I think we have to acknowledge the fact that the resurrection is not a conjuring trick that magically ends all suffering and pain. As St Paul writes in Romans: the world remains groaning in travail. Humans remain with free will and the capacity for harm as well as good. Jesus’ rising from the tomb does point to the fact that death is not the end, and gives us the promise of a future life beyond this one. It also points us to see how life comes out of death in both a physical and a spiritual sense. Does not this apply as much to our own inner lives as to the biological cycle of death and rebirth?
So even after Easter with its promise of new beginnings, we may feel a bit ordinary at times. Jesus has been there. But we also hang onto the sense of hope that Easter brings; that it is all a part of God’s Grand Plan of which we see only in part. Hope in this sense is different from optimism. We put our trust in the crucifixion and resurrection of Jesus; that his suffering on behalf of others is vindicated; that all this is written in the scriptures, in the very scheme of things, as Jesus told his disciples in the gospel.

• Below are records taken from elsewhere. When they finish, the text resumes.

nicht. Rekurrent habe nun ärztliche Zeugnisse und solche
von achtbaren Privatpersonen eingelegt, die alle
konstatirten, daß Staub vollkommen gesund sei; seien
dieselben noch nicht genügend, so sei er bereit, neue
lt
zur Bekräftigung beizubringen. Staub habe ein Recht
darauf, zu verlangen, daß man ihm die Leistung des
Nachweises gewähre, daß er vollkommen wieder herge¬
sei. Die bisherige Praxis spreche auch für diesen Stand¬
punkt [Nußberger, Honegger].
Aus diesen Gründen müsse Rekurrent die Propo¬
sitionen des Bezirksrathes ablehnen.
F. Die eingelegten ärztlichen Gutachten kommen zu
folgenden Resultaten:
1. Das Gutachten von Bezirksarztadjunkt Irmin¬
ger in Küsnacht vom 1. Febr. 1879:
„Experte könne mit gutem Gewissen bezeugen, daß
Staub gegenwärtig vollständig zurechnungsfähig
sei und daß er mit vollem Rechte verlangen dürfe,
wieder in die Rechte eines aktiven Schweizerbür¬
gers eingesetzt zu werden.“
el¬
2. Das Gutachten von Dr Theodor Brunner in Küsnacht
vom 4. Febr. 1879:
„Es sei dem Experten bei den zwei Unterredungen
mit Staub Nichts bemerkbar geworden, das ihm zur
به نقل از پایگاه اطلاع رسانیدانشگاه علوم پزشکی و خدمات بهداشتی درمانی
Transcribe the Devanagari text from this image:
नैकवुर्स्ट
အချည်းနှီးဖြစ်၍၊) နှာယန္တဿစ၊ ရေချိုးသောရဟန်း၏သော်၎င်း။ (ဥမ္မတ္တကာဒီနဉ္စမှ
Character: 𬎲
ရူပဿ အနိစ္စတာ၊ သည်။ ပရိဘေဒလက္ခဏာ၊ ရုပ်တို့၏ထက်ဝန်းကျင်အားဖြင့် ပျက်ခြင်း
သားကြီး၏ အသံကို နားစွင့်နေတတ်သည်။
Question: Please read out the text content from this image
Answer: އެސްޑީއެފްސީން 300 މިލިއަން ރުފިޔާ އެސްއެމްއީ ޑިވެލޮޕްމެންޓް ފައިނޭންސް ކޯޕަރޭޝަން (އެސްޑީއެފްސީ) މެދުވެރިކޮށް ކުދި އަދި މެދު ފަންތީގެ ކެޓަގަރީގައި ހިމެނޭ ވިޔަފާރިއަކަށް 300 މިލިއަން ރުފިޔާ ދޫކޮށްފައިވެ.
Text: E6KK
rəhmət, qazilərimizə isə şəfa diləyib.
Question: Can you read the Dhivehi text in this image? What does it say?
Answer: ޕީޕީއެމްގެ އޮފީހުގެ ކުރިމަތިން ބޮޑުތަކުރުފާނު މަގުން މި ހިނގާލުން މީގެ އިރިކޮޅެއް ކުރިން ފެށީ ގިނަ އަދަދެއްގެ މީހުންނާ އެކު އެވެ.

Quite a long time ago, I was given this card which features the ‘Breakthrough Cross’. It is a symbol of the resurrection, but the cross is still very central. In fact, you could say that cross has been shot through. It’s column and arms are empty, but the missing figure of Jesus is etched in them; the breakthrough couldn’t have happened without the Cross being there. Jesus won the victory, but experienced all the circumstances of being human. As a verse in Hebrews relates, he is able to sympathise with our weaknesses, as he has been there.
It is always a challenge to proclaim Christ risen in the face of a very troubled world, but Christians have never stopped doing that. If there are days when you find it difficult to proclaim joyfully “I believe…”, remember that all over the world there are Christians saying “We believe…” It may help us, too, to think of others in sorrow, and to know that Jesus identifies with them in his great love. A Church of Scotland minister wrote recently “This Easter may we be still and more loving, as we listen for the world’s tears, for somewhere in their midst are the tears of Christ, and they companion ours in the mystery called hope.”
A prayer for our life of faith at this time: Grant me, risen Lord, trust in your resurrection. So inspire me with the breath of your Spirit; so bless me with your peace; that my fears and doubts are transformed to joy and trust. And help me to bring the Easter hope to the sorrowful and helpless, and to express your love to all I meet. Amen.